*What this task involves*:
The expected answer is the set of lines in the data below between the line holding "སྔགས་དྲུག་ཕྱག་དྲུག་གིས་བརླབས༔ དེ་ནས་ཚོགས་ཞུས་ལ༔ ཧོཿ" and the line holding "ཨོཾ་ཨཱཿཧཱུྃ༔ བསྐང་རྫ", inclusive, written out exactly.

*Provided entries*:
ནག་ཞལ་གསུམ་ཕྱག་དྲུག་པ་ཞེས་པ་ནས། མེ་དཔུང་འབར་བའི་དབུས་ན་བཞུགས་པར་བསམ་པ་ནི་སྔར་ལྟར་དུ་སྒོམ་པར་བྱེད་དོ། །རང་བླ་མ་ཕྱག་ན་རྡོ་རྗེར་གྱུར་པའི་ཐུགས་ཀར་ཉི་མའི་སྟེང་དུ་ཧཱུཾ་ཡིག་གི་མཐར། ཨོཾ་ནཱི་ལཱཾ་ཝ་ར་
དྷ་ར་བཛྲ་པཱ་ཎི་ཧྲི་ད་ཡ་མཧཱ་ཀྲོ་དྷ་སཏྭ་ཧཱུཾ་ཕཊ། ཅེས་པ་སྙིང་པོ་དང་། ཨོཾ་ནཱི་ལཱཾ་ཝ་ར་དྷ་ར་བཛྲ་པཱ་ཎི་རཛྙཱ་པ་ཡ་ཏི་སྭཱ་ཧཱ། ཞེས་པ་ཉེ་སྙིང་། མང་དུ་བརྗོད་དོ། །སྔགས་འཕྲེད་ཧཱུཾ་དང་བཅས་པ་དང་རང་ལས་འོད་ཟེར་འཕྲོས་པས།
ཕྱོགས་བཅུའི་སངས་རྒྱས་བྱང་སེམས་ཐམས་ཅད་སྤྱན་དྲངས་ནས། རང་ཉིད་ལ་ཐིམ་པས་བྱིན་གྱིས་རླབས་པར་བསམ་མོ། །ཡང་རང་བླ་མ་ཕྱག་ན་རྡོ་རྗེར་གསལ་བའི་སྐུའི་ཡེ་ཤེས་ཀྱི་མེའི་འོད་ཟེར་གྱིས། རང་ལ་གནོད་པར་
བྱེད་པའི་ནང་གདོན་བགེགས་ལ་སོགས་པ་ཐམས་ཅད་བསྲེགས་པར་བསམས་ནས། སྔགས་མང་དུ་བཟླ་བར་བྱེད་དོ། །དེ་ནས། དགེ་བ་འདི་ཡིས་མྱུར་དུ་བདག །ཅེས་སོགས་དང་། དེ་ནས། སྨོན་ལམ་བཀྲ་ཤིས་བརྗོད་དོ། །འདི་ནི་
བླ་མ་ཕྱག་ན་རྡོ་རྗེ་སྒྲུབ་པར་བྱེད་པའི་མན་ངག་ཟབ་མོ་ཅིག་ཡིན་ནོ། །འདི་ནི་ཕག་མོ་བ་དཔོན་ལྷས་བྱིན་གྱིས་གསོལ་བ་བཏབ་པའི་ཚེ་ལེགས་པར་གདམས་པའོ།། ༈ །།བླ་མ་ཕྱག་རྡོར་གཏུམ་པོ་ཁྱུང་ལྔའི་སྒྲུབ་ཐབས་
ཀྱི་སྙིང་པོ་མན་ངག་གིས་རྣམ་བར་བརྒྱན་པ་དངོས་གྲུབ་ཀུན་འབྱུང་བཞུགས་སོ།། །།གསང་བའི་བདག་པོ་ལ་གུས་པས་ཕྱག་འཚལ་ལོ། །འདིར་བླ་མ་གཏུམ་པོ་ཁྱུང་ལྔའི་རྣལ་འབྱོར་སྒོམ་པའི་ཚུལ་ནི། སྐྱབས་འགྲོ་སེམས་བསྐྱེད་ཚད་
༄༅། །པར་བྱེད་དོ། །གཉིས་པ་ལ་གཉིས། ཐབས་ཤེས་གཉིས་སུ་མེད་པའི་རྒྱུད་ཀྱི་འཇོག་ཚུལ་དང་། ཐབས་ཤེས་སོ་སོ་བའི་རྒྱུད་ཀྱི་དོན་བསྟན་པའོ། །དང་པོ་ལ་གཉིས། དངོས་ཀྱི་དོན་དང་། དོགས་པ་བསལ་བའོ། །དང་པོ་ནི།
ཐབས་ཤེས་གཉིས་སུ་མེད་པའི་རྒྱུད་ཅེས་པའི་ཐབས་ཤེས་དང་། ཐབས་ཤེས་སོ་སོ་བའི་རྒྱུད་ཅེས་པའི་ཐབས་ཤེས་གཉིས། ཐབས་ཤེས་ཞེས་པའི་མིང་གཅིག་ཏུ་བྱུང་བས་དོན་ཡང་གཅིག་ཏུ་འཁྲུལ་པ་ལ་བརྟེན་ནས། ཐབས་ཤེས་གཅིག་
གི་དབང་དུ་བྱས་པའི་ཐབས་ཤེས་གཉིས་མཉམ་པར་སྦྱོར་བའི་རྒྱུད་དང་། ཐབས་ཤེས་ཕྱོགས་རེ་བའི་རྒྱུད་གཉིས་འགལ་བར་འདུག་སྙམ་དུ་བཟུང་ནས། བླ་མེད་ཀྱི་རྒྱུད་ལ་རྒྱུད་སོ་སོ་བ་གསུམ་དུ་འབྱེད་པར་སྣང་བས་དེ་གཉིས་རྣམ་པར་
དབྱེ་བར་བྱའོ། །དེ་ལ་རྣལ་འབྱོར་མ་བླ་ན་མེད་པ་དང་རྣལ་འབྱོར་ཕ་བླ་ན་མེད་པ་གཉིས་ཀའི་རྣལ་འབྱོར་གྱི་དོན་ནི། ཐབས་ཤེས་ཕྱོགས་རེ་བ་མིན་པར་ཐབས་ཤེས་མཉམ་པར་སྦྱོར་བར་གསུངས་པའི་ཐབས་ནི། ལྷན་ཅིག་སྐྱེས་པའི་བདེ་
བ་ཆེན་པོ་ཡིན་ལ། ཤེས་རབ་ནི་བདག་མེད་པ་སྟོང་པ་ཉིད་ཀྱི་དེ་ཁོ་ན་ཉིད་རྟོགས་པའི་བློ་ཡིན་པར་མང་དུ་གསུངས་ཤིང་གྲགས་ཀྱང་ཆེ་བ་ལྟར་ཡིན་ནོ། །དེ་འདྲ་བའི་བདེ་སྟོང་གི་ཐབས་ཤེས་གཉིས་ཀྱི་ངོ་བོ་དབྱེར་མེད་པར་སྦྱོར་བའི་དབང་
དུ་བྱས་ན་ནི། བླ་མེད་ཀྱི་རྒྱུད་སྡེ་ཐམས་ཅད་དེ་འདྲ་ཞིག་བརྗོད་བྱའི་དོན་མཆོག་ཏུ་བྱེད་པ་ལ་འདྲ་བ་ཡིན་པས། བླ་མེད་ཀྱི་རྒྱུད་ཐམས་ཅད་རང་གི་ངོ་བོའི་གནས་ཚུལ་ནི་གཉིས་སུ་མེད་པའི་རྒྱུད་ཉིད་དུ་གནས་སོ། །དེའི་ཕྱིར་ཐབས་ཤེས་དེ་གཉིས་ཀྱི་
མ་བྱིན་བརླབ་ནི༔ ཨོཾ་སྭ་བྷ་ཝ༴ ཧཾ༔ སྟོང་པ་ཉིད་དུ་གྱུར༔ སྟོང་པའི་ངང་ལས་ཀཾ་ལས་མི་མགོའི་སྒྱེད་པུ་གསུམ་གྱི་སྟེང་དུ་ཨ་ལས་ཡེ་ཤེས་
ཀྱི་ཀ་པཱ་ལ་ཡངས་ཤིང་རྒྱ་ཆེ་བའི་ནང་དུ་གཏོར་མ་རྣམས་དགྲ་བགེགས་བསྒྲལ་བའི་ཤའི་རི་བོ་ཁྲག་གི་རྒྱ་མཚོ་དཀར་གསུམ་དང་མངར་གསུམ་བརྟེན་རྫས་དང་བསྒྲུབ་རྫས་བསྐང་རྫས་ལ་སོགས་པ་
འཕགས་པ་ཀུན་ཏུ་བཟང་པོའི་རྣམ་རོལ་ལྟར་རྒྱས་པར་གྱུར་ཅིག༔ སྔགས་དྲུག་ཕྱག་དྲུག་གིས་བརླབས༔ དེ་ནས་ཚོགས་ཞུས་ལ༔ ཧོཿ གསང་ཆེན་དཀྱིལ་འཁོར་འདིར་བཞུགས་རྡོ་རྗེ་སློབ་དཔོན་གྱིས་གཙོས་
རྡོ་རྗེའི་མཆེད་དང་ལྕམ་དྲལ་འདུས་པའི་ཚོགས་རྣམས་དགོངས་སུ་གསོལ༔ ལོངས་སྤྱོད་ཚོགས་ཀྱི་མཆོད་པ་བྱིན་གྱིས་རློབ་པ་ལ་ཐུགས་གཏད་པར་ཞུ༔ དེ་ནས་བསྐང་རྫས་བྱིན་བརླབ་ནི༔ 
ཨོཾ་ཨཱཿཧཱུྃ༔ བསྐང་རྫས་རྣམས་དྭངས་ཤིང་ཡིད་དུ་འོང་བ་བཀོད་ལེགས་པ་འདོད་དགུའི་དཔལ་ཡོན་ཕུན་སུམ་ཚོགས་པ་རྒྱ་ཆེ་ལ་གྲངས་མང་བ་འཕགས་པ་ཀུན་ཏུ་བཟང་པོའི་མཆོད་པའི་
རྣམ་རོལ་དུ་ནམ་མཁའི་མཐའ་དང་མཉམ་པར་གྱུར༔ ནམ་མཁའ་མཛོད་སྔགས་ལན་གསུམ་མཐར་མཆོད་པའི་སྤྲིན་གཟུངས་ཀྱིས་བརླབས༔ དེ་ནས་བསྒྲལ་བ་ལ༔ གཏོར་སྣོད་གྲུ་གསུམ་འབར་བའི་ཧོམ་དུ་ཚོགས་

*Result for this exercise*:
འཕགས་པ་ཀུན་ཏུ་བཟང་པོའི་རྣམ་རོལ་ལྟར་རྒྱས་པར་གྱུར་ཅིག༔ སྔགས་དྲུག་ཕྱག་དྲུག་གིས་བརླབས༔ དེ་ནས་ཚོགས་ཞུས་ལ༔ ཧོཿ གསང་ཆེན་དཀྱིལ་འཁོར་འདིར་བཞུགས་རྡོ་རྗེ་སློབ་དཔོན་གྱིས་གཙོས་
རྡོ་རྗེའི་མཆེད་དང་ལྕམ་དྲལ་འདུས་པའི་ཚོགས་རྣམས་དགོངས་སུ་གསོལ༔ ལོངས་སྤྱོད་ཚོགས་ཀྱི་མཆོད་པ་བྱིན་གྱིས་རློབ་པ་ལ་ཐུགས་གཏད་པར་ཞུ༔ དེ་ནས་བསྐང་རྫས་བྱིན་བརླབ་ནི༔ 
ཨོཾ་ཨཱཿཧཱུྃ༔ བསྐང་རྫས་རྣམས་དྭངས་ཤིང་ཡིད་དུ་འོང་བ་བཀོད་ལེགས་པ་འདོད་དགུའི་དཔལ་ཡོན་ཕུན་སུམ་ཚོགས་པ་རྒྱ་ཆེ་ལ་གྲངས་མང་བ་འཕགས་པ་ཀུན་ཏུ་བཟང་པོའི་མཆོད་པའི་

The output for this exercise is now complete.